MASON: Right. Yeah, that's your job, basically. Yeah.
ANDY: It's wild. Like that just doesn't happen in other sports. It's one of the beauties of golf is like the lifelong aspect of it and the potential for longevity of the star players. I think that's one of the things that is scary that might be going away a little bit with golf, with just the money, the youth movement, and kind of the speed orientation of the game that you might lose some of that. But that's, you know, the game thrives on generational stars, players that are around … if you could get those rare players that are around for three decades. That's something that like, you know, until Tom Brady and LeBron have really pushed the limits in their sports that other sports just don't have. And that's what makes golf so special from a professional angle.
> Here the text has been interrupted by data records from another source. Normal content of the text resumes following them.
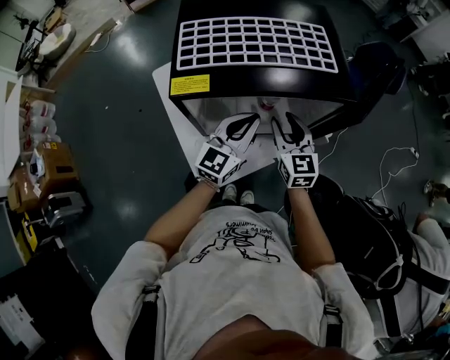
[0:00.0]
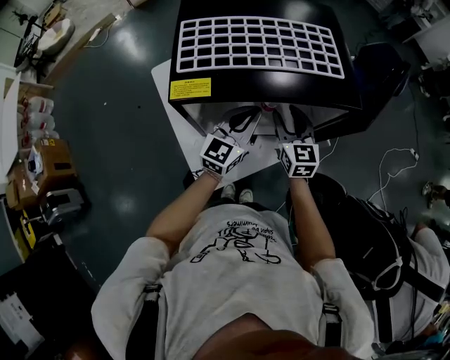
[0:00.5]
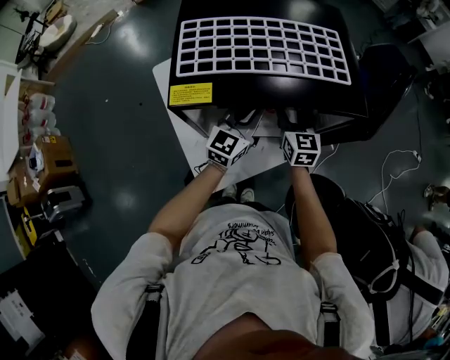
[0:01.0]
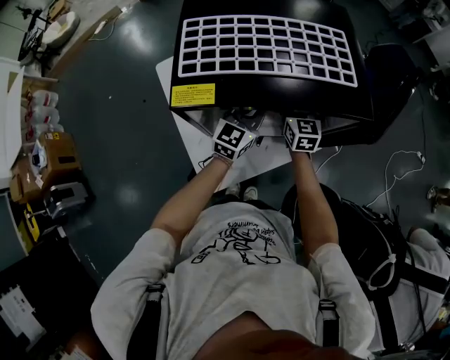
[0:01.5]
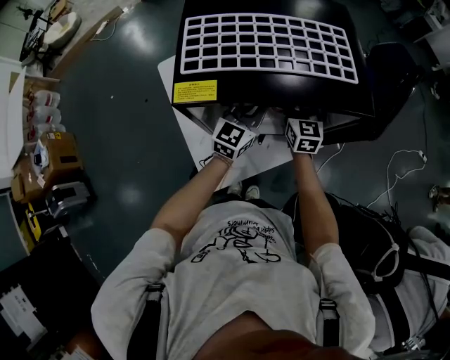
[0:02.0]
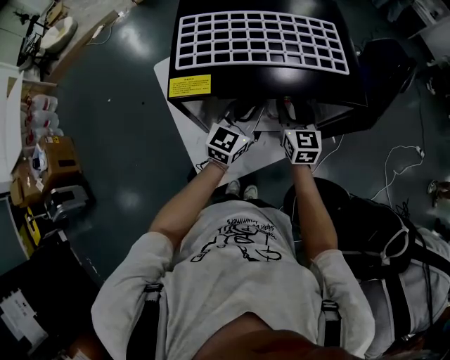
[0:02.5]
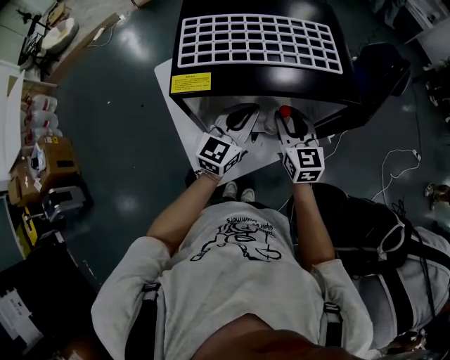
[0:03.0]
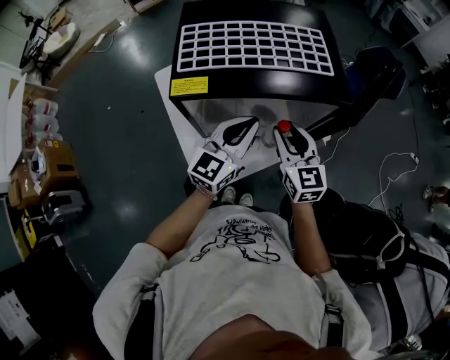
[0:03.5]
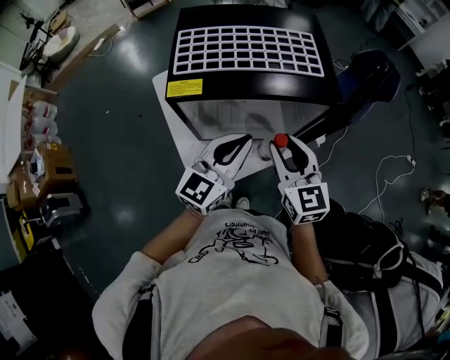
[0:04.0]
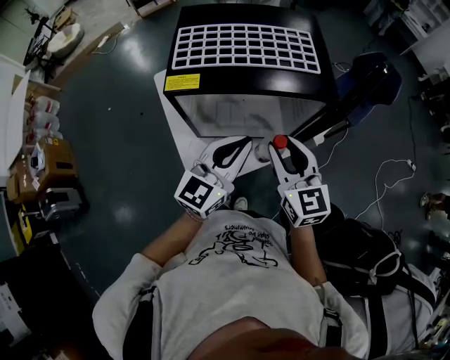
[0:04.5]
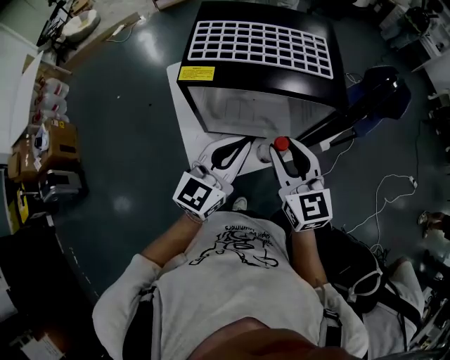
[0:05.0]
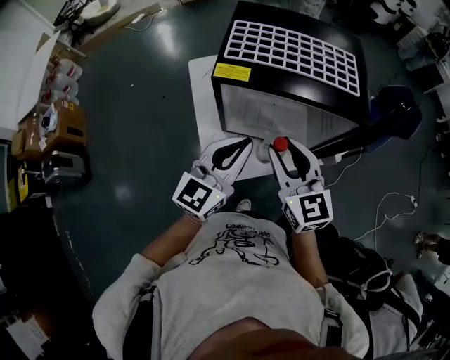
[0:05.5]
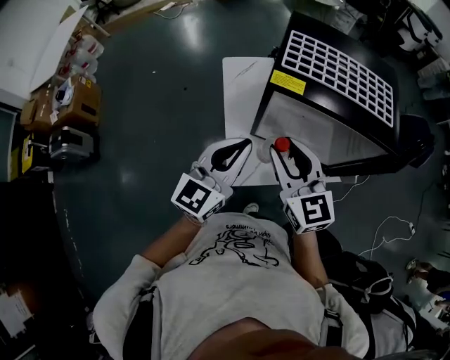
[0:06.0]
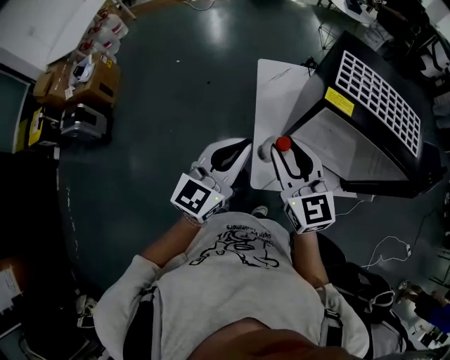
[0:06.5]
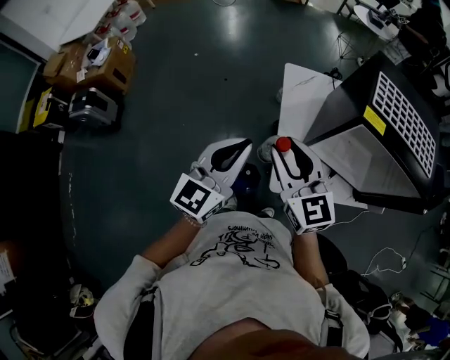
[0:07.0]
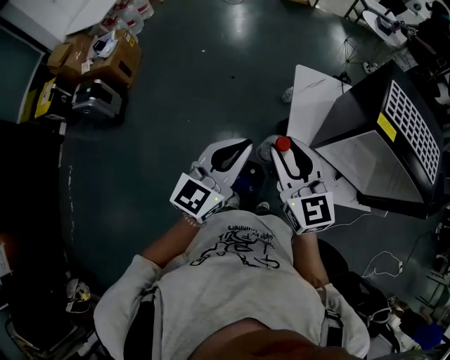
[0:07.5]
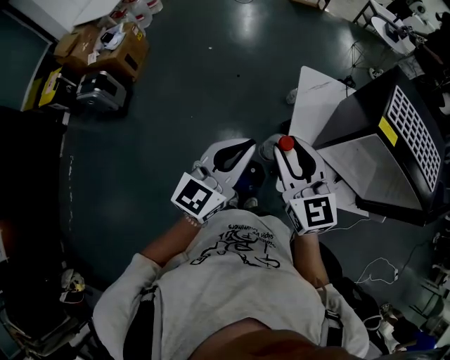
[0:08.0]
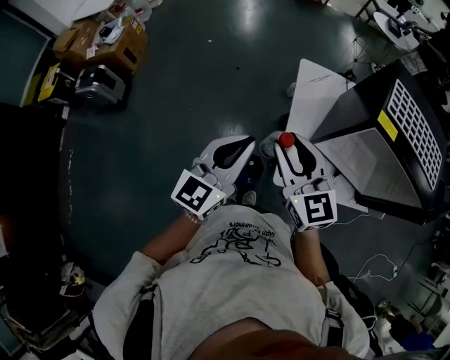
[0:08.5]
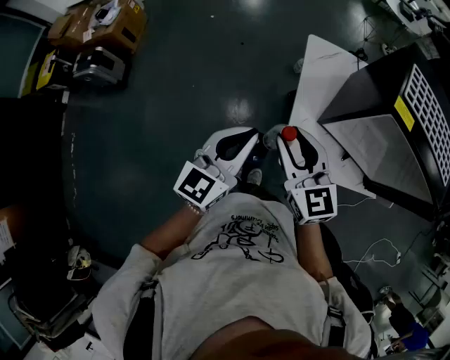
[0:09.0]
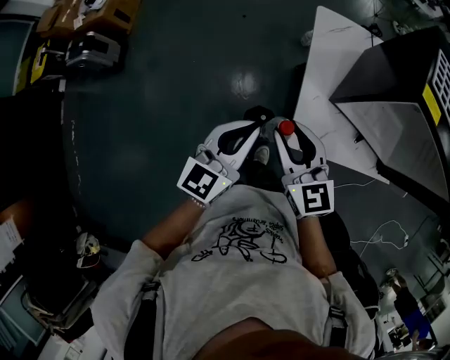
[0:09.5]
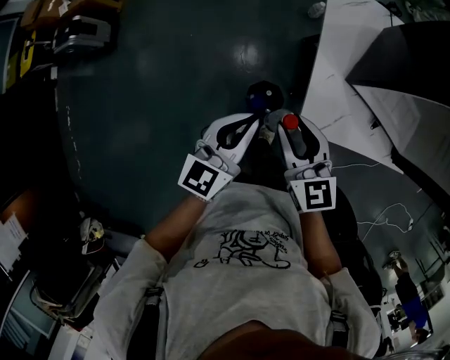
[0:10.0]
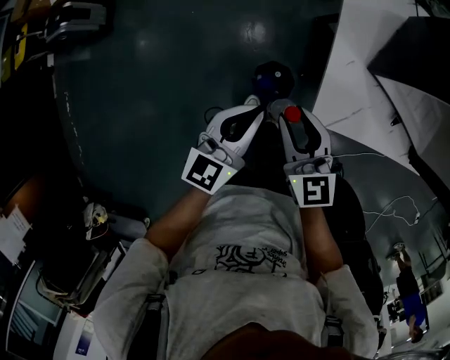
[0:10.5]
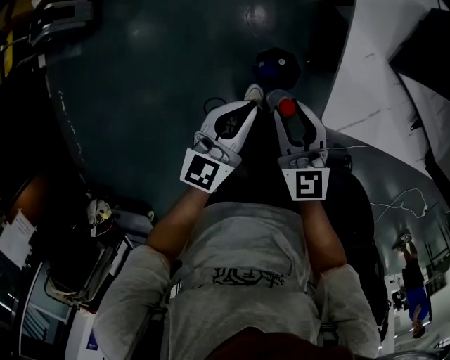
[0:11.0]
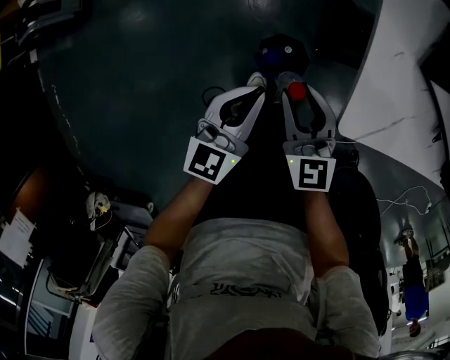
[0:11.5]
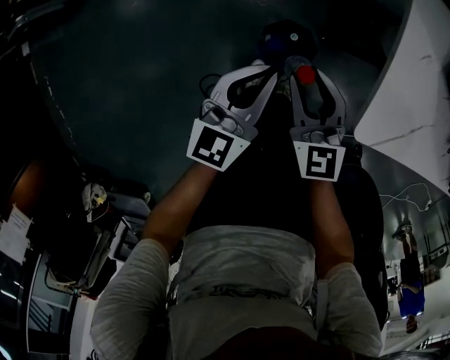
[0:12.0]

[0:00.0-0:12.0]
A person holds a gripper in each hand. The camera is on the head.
0:00.0 to 0:02.0: Both grippers travel together forward and downward, about 10 cm.
0:02.0 to 0:04.0: The grippers both shift backward and upward by approximately 20 cm.
0:04.0 to 0:06.0: Both grippers travel together to the left, some 20 cm. The left gripper changes its angle by some 20 degrees. The right gripper swivels approximately 20 degrees.
0:06.0 to 0:08.0: Both grippers move to the left, about 25 cm.
0:08.0 to 0:10.0: The two grippers go approximately 20 cm downward.
0:10.0 to 0:12.0: The grippers both shift downward by approximately 30 cm.

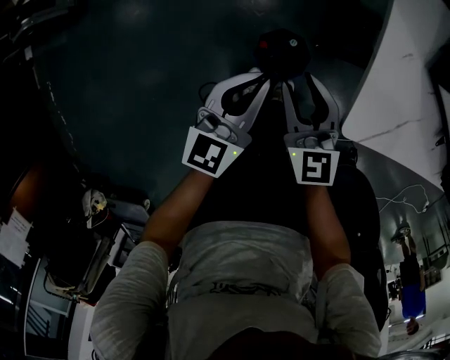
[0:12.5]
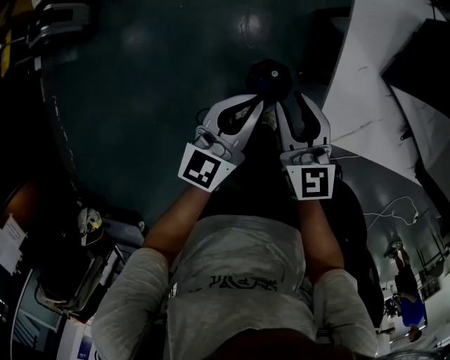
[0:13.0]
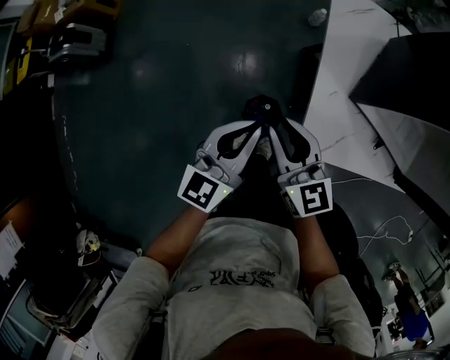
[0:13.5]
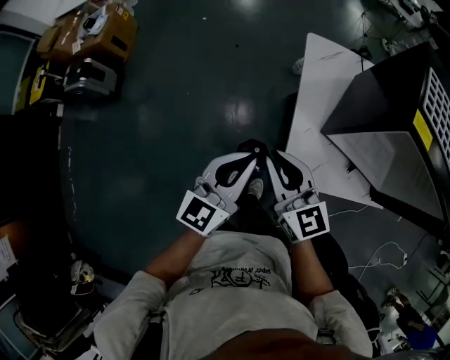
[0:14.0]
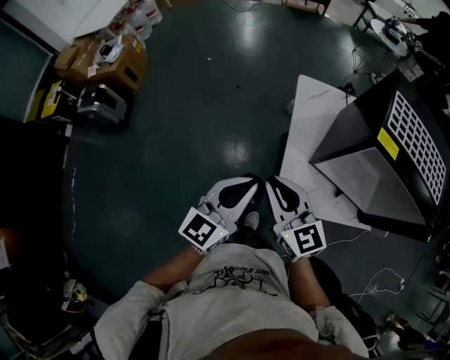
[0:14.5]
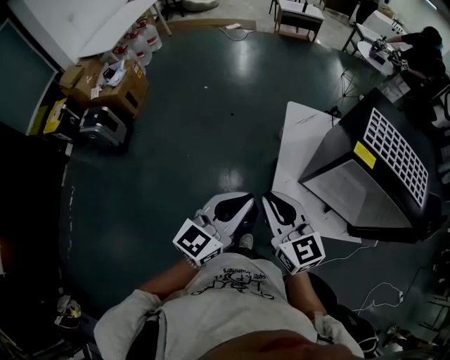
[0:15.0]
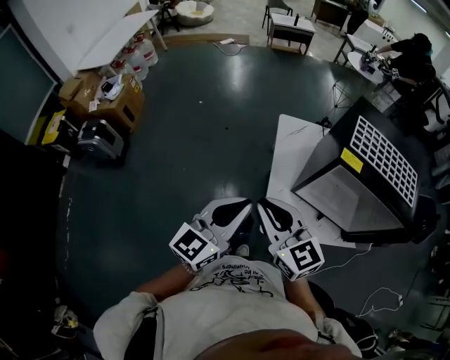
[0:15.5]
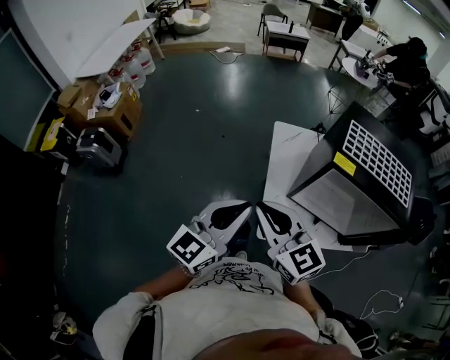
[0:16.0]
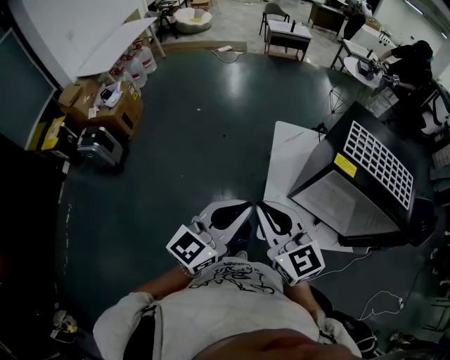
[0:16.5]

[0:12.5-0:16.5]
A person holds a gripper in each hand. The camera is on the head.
0:12.5 to 0:14.5: Both grippers travel together upward, some 40 cm. The right gripper closes up.
0:14.5 to 0:16.5: The grippers both shift upward by some 10 cm.

MASON: Hopefully with these extremely fast golf swings, we won't see bodies falling apart here at the professional level. Certainly not a problem, I don't think, that you and I have playing recreational golf, but it's crazy. You were talking about the family vacations and Tiger coming on the scene, and then your uncle and your grandfather and your dad. Did you start to take your interest in the game? Did it go on hyper drive after that? Did all of a sudden you go from this thing that you saw on vacation and then to, "I need to spend more time either caddying or with your buddy?" What happened from that moment on?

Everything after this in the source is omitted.